MEK content in the final product was found to be less than 0.1 % (v/v). In both the methods of separation, nonradioactive molybdate content in the final pertechnetate solution was within the acceptable limit (less than 10 ppm). Al3+ levels were below the limits (less than 10 ppm) set for generator-produced pertechnetate. For both the processes, the pH of the final product solution was between 6 and 7. Paper chromatography showed that the pertechnetate obtained by processing of the targets irradiated in cyclotron was identical in radiochemical purity with the generator produced pertechnetate and no colloid was formed. The concentration of nitrate ions in the final pertecnetate solution was matching with 10 mg/l NO3 colour zone in the test strip, which is much less than the LD50 value of nitrate (1267 mg/kg, oral-rat). The concentration of H2O2 in the final radioactive TcO4 solutions was matching with 2–5 mg/l H2O2 colour zone, which is much less than the LD50 value of peroxide (1232 mg/kg, oral-rat).

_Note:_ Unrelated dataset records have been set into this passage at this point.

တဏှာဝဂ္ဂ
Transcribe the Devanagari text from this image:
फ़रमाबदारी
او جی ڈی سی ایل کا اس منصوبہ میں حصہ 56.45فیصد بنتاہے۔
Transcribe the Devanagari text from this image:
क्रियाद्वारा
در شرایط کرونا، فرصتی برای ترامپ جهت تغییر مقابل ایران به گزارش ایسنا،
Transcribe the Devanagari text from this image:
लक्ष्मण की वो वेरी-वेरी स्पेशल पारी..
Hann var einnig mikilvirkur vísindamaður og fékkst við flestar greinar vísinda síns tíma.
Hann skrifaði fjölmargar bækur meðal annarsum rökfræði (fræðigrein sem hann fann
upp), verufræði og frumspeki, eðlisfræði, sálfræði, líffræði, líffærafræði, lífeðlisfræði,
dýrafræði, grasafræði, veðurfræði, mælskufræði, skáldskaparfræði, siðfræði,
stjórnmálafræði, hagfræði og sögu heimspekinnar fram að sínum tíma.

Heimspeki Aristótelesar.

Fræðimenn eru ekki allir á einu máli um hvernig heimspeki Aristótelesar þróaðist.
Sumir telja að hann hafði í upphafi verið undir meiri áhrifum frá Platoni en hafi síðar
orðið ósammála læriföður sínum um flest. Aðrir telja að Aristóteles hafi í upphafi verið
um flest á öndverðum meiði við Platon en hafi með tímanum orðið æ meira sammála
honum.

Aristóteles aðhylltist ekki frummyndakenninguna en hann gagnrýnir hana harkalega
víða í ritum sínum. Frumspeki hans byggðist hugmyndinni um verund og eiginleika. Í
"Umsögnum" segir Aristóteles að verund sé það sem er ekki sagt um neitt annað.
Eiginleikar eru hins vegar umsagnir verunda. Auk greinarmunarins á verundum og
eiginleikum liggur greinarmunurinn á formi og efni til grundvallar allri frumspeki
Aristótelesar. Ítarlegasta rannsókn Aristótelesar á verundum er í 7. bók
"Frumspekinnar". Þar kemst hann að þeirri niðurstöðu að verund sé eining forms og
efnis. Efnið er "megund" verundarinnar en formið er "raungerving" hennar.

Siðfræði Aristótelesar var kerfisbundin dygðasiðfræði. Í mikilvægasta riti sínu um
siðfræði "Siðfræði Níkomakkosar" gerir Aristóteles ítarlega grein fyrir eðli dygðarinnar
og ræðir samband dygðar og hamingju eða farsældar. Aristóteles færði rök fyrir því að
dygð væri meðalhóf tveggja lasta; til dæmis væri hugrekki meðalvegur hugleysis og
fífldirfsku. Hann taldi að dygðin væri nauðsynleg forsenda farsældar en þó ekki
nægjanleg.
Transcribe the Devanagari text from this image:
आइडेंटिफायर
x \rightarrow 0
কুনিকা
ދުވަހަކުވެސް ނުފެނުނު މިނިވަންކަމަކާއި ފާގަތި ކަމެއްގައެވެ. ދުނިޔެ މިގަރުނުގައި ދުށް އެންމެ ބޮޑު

Radionuclidic purity (RNP) of final pertechnatate solution prepared from the proton irradiated enriched 100Mo target was evaluated at different time points after its preparation and it was found that the RNP was greater than 99.9 % even at 24 h after the separation. The detailed analysis of level of different Tc radionulides is listed in Table 4.

Table 4 Other radiotechnetium impurities in the final 99mTc preparation at different time points after the end of separation (as % of 99mTc activity)

Recovery of Mo from the irradiated target

Recovery of molybdate (ammonium molybdate) obtained in the two separation methods was estimated from the counting data and the recovery yield was found to be about 100 % in both the methods.

Conclusion

Present study of 99mTc yield in stacked foil irradiation shows that proton irradiation of enriched 100Mo target at 20 → 8 MeV, 100 μA proton beam for 1, 3, and 6 h, will produce about 60, 160 and 272 GBq of 99mTc at EOI, respectively. The new chemical separation method developed recovers more than 80 % of 99mTc from the irradiated target. The recovered pertechnetate has acceptable radionuclidic, radiochemical and chemical purity for labelling of biomolecules for clinical applications. The presented automated module is simple to operate and can be used to separate 99mTc radioisotope from low specific activity molybdenum.